Sometimes its been desirable to de-dupe a large collection of data files.
I wrote a tool called lsdupes to do that.
Originally, it was going to run md5sum to hash every file, and then list files with matching hashes to be deleted.
To optimise it a bit, I put in a size check: a first round happens looking at the size of each file, and only when there are multiple files for a given size will md5sums be computed. I though this would the md5sum load a bit.
It turns out that in my photo collection of 44590 photos and videos, the size is a perfect hash - there are no photos with the same size that have different content.
So while md5sum does get run on the dupes, it doesn't find anything different from what the size-based hash does; and the size-based hash runs a lot faster: to walk the tree and get sizes takes around 15 seconds.

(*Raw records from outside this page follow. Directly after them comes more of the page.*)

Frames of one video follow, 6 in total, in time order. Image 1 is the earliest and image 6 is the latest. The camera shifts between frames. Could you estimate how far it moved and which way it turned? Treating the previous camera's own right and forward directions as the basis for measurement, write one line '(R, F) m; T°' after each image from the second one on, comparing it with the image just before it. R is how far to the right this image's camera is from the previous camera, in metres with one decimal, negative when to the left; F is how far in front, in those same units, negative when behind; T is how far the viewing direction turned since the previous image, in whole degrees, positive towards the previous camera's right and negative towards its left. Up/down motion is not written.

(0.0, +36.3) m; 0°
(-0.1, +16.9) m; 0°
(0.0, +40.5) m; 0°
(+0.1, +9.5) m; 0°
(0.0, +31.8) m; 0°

To then take md5sums of the roughly 5000 files that have non-unique size takes around 7 minutes.
2.5 years too late for you, but fdupes does exactly that.

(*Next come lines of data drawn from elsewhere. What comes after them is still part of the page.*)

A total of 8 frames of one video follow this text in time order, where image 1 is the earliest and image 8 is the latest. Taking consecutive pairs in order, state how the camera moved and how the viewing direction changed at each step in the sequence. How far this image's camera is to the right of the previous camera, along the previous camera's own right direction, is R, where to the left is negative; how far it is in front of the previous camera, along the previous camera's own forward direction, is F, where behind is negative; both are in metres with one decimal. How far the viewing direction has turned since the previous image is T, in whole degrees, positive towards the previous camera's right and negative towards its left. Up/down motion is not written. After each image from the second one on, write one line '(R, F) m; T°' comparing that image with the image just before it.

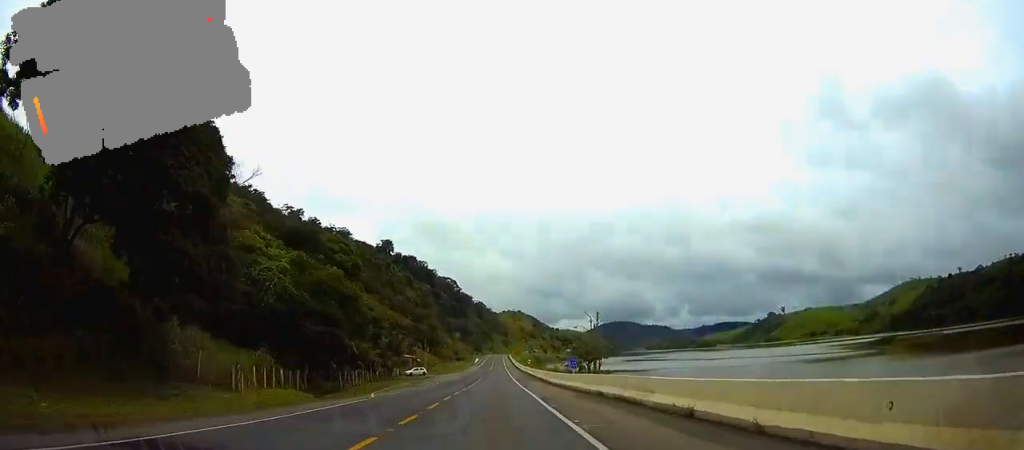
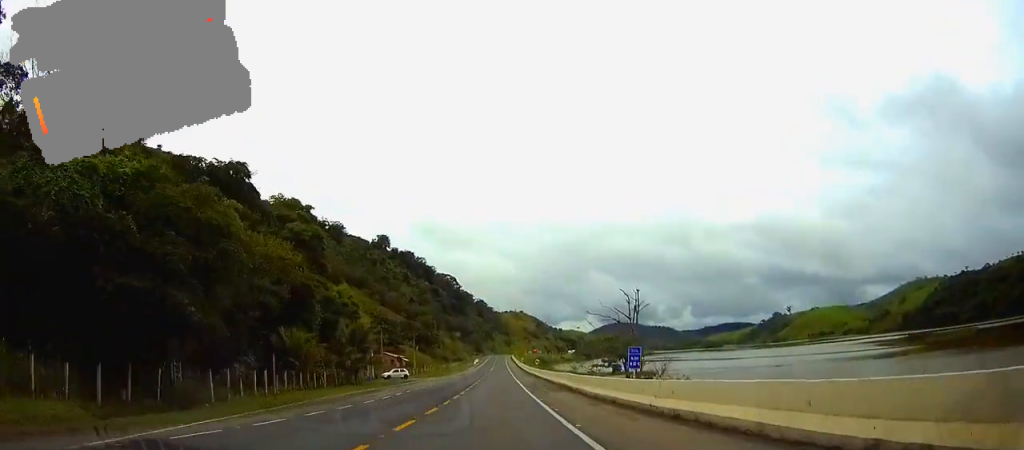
(+0.1, +24.3) m; 0°
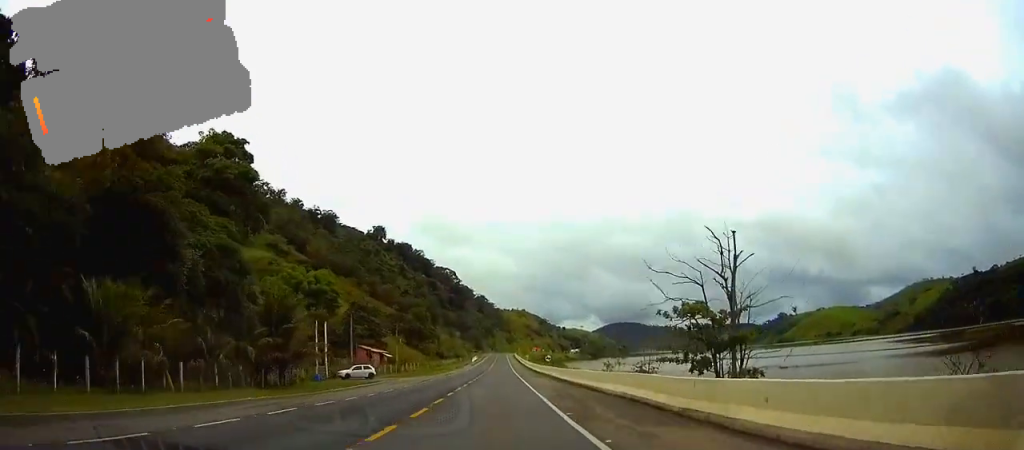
(0.0, +25.7) m; 0°
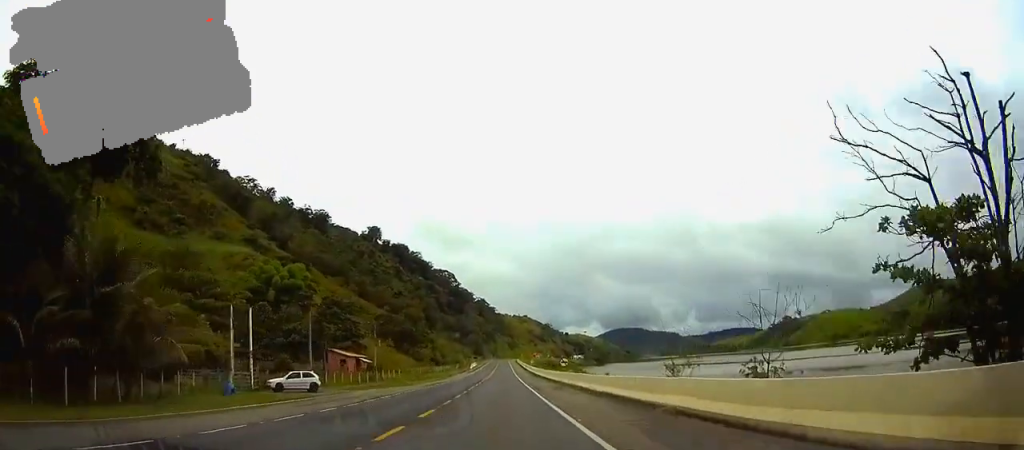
(0.0, +21.5) m; 0°
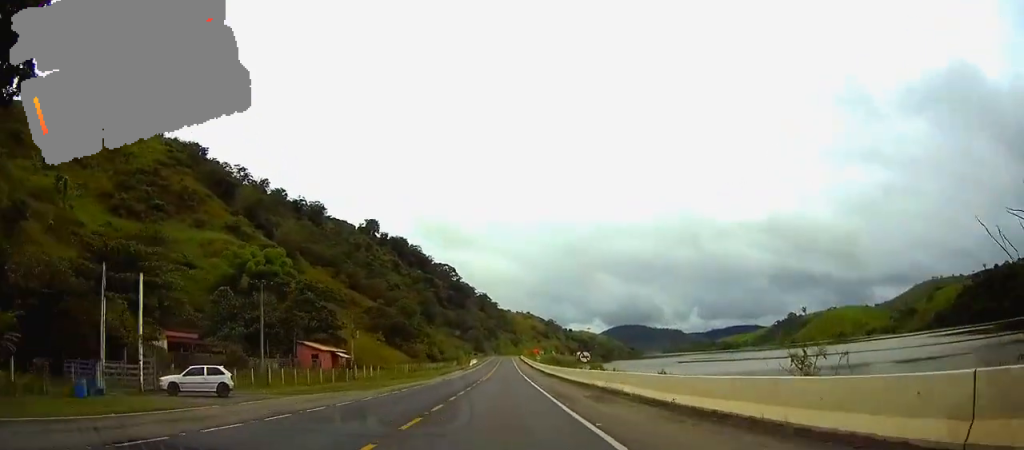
(-0.1, +16.2) m; 0°
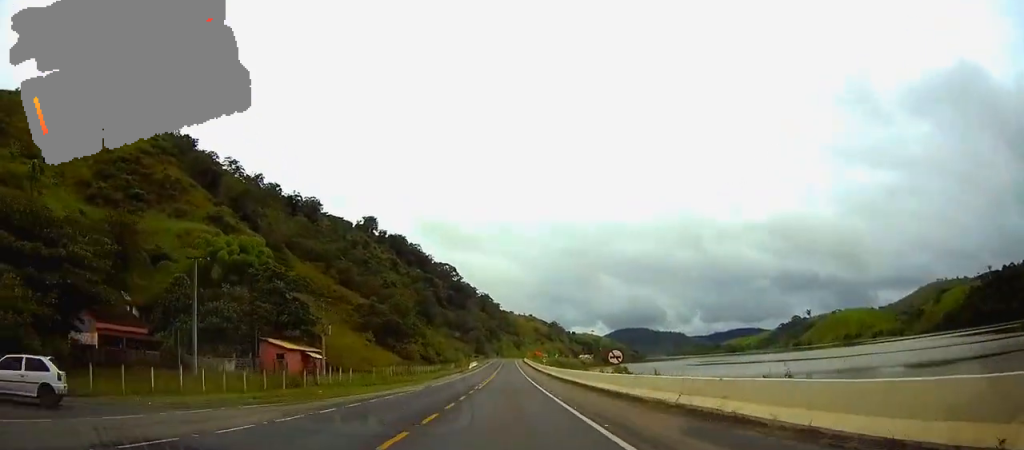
(0.0, +14.0) m; 0°
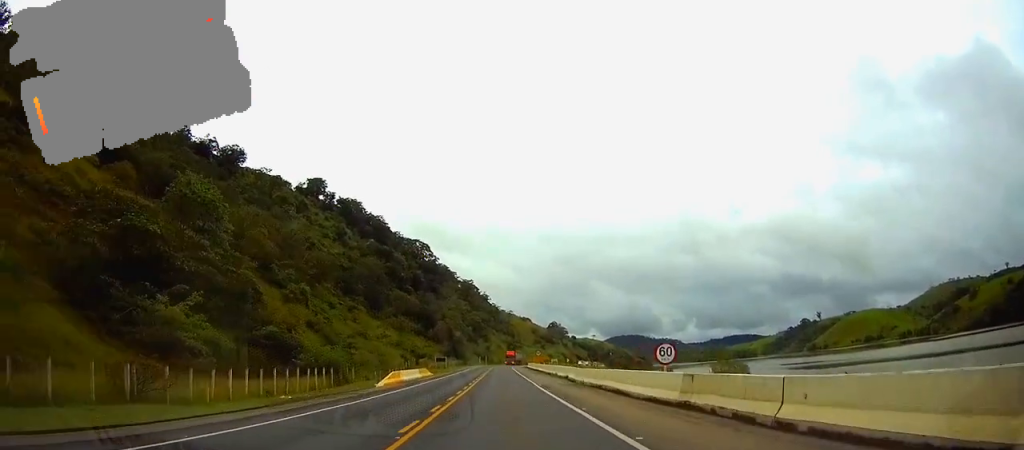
(+0.4, +105.3) m; 0°
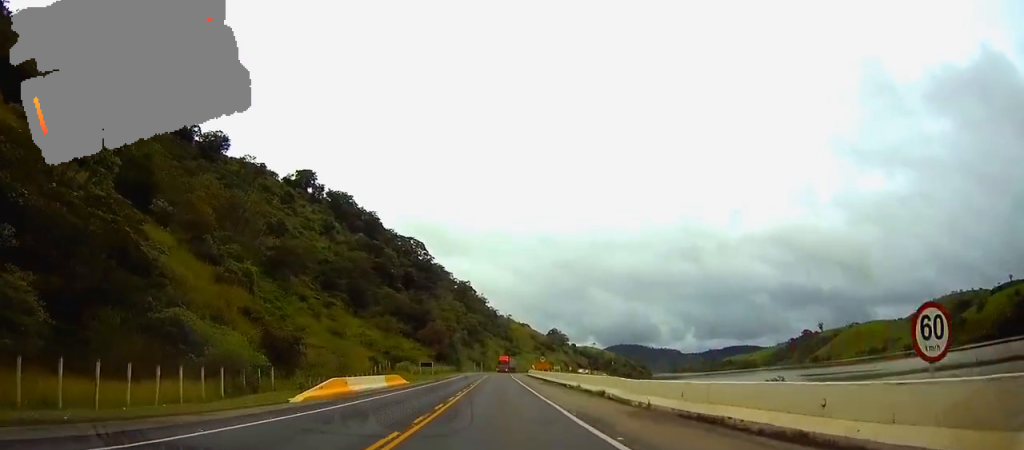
(0.0, +19.8) m; 0°

ReplyDeleteyeah, deleting duplicate files is a microcosm of "lets reimplement this"...
ReplyDeletethough really what I thought was cool was the utility of size-as-hash: everything I read about hashes is about making more secure, more unique(?) hashes that are cheap to implement; rather than uber-cheap, very shitty hashes.
A different very cheap hash might be "checksum of the first 4096 bytes of the file".